### [Supplied material]

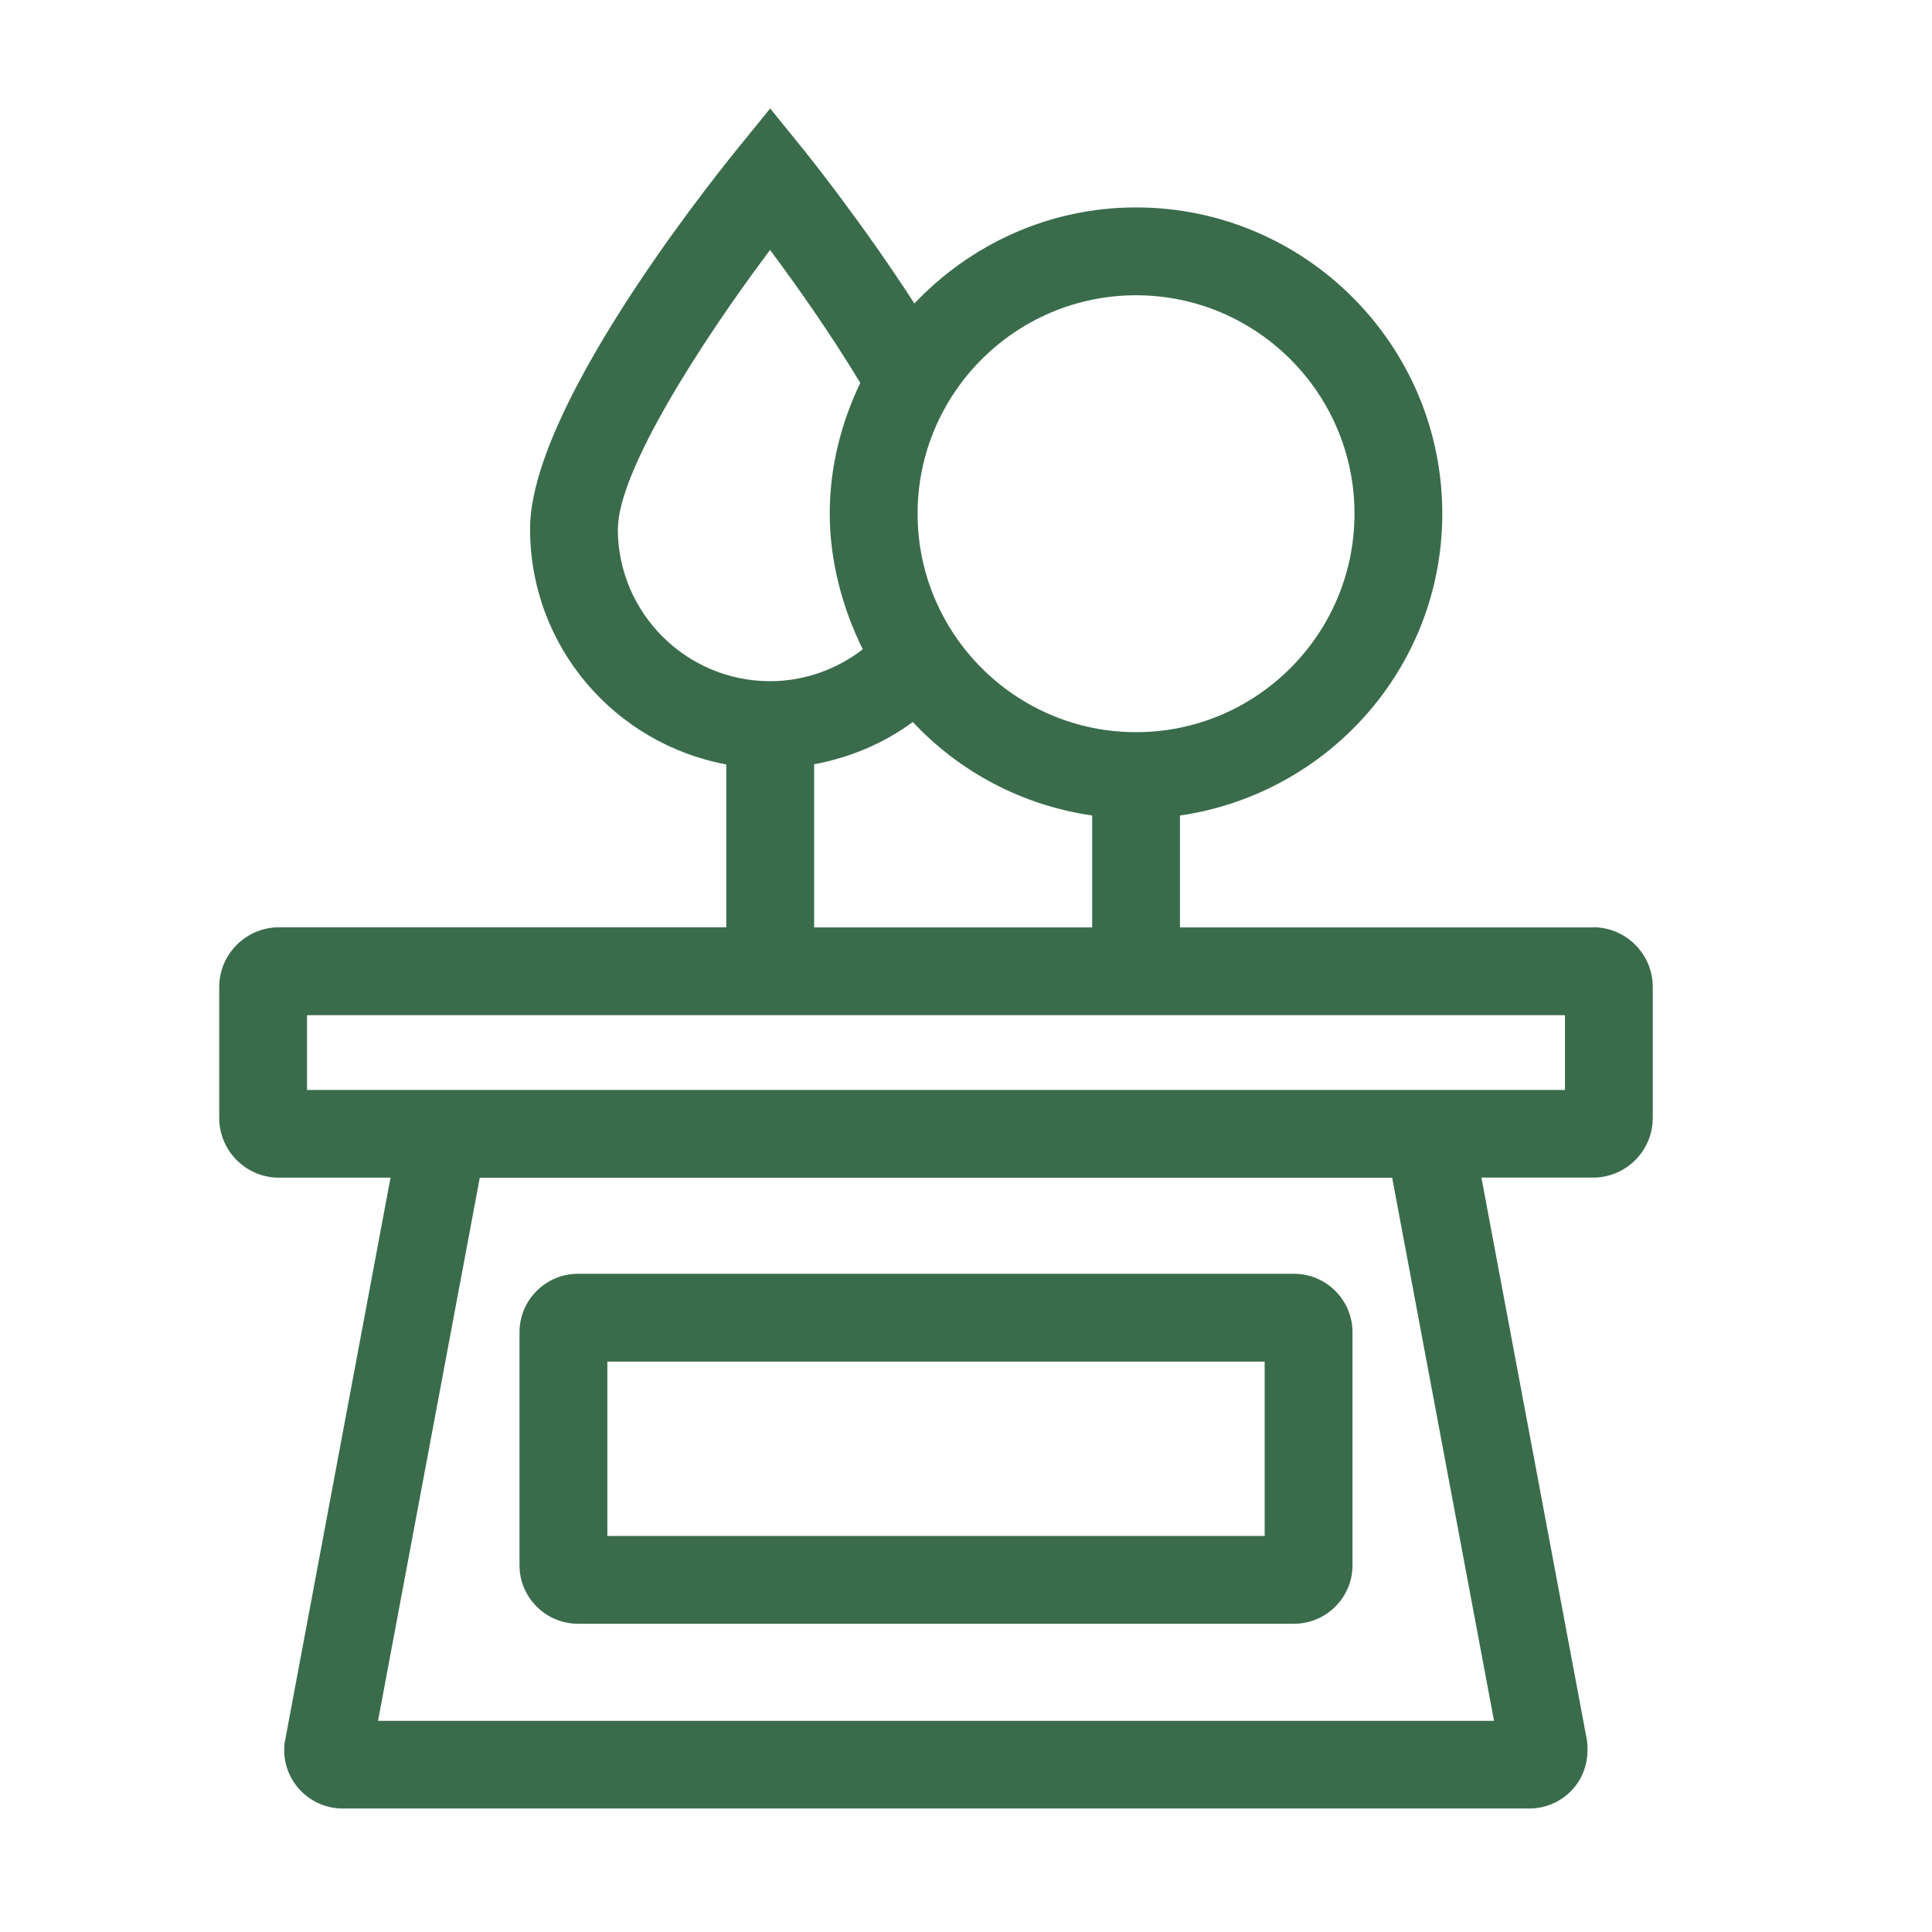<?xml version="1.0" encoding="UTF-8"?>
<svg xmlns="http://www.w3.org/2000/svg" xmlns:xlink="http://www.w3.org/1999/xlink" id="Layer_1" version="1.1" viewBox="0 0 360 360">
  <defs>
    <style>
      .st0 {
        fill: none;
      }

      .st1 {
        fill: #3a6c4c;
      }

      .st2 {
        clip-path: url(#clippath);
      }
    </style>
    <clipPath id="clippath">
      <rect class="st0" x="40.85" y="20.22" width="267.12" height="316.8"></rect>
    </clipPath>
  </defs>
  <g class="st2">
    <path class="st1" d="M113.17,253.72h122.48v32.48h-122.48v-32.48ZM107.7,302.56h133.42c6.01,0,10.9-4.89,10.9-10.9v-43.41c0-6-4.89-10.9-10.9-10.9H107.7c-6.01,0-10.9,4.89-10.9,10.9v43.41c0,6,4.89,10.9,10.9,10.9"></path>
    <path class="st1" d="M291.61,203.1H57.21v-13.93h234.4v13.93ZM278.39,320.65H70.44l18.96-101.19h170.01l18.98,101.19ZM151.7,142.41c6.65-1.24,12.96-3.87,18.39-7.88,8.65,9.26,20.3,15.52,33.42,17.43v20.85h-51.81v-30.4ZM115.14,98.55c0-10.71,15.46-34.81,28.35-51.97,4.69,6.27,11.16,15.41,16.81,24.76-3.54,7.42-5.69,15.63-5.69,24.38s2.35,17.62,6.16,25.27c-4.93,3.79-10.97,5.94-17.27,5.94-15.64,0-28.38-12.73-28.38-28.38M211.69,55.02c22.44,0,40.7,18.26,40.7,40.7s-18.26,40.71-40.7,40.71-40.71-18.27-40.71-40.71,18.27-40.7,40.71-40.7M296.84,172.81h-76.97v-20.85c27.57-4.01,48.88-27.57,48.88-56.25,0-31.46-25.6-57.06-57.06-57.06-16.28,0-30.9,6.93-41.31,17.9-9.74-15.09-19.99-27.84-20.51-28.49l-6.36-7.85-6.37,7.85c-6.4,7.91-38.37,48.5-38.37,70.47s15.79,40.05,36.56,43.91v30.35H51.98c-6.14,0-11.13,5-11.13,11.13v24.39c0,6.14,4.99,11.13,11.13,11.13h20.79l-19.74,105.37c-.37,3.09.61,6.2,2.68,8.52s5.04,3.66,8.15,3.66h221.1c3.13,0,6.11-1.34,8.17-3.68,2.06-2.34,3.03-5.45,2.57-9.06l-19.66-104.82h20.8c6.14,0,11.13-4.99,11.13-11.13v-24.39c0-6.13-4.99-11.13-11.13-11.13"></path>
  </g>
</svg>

### [How to complete this task]
Your task is to copy each line of the material that contains the word "class".

### [Solved problem]
      <rect class="st0" x="40.85" y="20.22" width="267.12" height="316.8"></rect>
  <g class="st2">
    <path class="st1" d="M113.17,253.72h122.48v32.48h-122.48v-32.48ZM107.7,302.56h133.42c6.01,0,10.9-4.89,10.9-10.9v-43.41c0-6-4.89-10.9-10.9-10.9H107.7c-6.01,0-10.9,4.89-10.9,10.9v43.41c0,6,4.89,10.9,10.9,10.9"></path>
    <path class="st1" d="M291.61,203.1H57.21v-13.93h234.4v13.93ZM278.39,320.65H70.44l18.96-101.19h170.01l18.98,101.19ZM151.7,142.41c6.65-1.24,12.96-3.87,18.39-7.88,8.65,9.26,20.3,15.52,33.42,17.43v20.85h-51.81v-30.4ZM115.14,98.55c0-10.71,15.46-34.81,28.35-51.97,4.69,6.27,11.16,15.41,16.81,24.76-3.54,7.42-5.69,15.63-5.69,24.38s2.35,17.62,6.16,25.27c-4.93,3.79-10.97,5.94-17.27,5.94-15.64,0-28.38-12.73-28.38-28.38M211.69,55.02c22.44,0,40.7,18.26,40.7,40.7s-18.26,40.71-40.7,40.71-40.71-18.27-40.71-40.71,18.27-40.7,40.71-40.7M296.84,172.81h-76.97v-20.85c27.57-4.01,48.88-27.57,48.88-56.25,0-31.46-25.6-57.06-57.06-57.06-16.28,0-30.9,6.93-41.31,17.9-9.74-15.09-19.99-27.84-20.51-28.49l-6.36-7.85-6.37,7.85c-6.4,7.91-38.37,48.5-38.37,70.47s15.79,40.05,36.56,43.91v30.35H51.98c-6.14,0-11.13,5-11.13,11.13v24.39c0,6.14,4.99,11.13,11.13,11.13h20.79l-19.74,105.37c-.37,3.09.61,6.2,2.68,8.52s5.04,3.66,8.15,3.66h221.1c3.13,0,6.11-1.34,8.17-3.68,2.06-2.34,3.03-5.45,2.57-9.06l-19.66-104.82h20.8c6.14,0,11.13-4.99,11.13-11.13v-24.39c0-6.13-4.99-11.13-11.13-11.13"></path>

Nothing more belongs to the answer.